We should all be tuning in to our bodies, how it feels under different situations, so start by paying attention to the different sensations in your body. Do you tense your shoulders when your stressed? When you pay attention to your mind and your body, you will learn how to re-act better. We are all missing social interaction at the moment and whilst Skype and Zoom calls are amazing, it isn’t quite the same is it?

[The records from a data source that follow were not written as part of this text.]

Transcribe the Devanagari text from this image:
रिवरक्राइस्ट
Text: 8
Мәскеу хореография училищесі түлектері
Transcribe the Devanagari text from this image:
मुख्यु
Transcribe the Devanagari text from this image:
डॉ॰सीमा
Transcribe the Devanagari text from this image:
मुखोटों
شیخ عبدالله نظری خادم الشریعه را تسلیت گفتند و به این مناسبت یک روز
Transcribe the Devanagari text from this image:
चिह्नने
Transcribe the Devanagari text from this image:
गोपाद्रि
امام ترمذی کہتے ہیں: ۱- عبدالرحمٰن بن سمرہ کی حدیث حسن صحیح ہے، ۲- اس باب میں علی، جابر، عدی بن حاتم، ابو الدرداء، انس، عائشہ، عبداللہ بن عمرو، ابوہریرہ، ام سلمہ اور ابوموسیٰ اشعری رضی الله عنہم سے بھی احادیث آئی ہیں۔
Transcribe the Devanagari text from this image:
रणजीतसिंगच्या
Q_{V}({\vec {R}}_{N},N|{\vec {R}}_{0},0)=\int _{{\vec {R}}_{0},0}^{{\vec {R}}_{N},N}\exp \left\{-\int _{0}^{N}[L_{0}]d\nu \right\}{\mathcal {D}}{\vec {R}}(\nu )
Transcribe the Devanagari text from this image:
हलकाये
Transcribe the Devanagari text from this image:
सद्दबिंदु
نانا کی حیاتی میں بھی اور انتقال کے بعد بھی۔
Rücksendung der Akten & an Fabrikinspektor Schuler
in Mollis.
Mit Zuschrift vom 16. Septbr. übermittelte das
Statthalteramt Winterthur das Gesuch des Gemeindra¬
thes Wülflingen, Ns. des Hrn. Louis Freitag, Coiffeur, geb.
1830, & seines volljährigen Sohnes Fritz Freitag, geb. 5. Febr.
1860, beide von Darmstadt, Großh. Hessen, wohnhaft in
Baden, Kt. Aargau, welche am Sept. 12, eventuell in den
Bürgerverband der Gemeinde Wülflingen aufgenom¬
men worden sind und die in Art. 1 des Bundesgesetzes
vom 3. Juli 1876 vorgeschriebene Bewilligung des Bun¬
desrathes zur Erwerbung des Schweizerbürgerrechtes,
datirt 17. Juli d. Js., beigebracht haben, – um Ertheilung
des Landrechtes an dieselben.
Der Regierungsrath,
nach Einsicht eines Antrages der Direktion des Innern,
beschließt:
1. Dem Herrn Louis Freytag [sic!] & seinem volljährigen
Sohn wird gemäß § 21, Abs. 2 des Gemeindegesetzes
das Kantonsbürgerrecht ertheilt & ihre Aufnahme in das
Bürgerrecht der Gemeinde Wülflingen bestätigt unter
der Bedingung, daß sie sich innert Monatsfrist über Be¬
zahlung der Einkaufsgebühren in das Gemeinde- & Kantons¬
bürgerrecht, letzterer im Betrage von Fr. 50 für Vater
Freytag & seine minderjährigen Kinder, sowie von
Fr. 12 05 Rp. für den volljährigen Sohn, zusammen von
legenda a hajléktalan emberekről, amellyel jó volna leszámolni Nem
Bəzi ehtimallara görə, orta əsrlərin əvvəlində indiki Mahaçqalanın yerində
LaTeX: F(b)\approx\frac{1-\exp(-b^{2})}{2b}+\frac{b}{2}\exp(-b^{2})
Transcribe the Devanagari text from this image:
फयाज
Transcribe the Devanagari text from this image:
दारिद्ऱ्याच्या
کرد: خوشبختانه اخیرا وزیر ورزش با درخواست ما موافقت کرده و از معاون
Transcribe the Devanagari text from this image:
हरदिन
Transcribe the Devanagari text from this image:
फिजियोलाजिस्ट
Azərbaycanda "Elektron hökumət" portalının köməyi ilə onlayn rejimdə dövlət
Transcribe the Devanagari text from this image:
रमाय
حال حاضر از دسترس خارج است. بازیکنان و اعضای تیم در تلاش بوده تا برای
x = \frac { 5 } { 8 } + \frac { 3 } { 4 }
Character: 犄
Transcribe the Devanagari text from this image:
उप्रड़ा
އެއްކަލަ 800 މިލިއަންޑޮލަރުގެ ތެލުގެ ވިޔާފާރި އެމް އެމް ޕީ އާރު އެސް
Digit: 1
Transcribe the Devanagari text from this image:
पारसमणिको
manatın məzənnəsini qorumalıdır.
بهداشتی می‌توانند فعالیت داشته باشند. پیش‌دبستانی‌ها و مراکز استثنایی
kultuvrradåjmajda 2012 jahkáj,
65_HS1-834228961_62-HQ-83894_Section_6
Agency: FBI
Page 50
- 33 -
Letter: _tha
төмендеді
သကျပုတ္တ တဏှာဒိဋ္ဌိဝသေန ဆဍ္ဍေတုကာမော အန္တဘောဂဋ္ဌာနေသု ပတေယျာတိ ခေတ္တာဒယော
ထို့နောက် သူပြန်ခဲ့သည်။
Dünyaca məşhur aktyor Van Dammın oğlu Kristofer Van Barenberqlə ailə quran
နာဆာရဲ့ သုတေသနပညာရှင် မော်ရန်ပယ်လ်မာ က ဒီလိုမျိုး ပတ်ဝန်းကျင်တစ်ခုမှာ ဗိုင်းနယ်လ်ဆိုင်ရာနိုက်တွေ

Another thing to do that can help is to get out in nature, Go for a walk somewhere “green”, were there will be trees, birds singing and just immerse yourself in nature. This will “ground” you and relax you making you nervous system relax. When you feel safe in your surroundings, but your body feels threatened, grounding yourself can calm you down in these situations. When you realise your fear “isn’t real”, you can control you reactions and stop yourself going into “fight or flight”mode. If you are in real danger, for example a lion is chasing you, then your natural instinct is to run.

Final thoughts

I have been practising many of the recommended techniques and methods that I have mentioned above and I have found them to be really helpful. I do feel much calmer too. In what has been a year to remember and hopefully one that won’t be repeated, I have found myself on a bit of a journey of self-discovery. And learning as well as re-discovering all about the vagus nerve I am fascinated about this wandering nerve that controls so much of our body.

I really hope you try out some of the methods and get in touch and in tune with your body and discover all these amazing benefits yourself.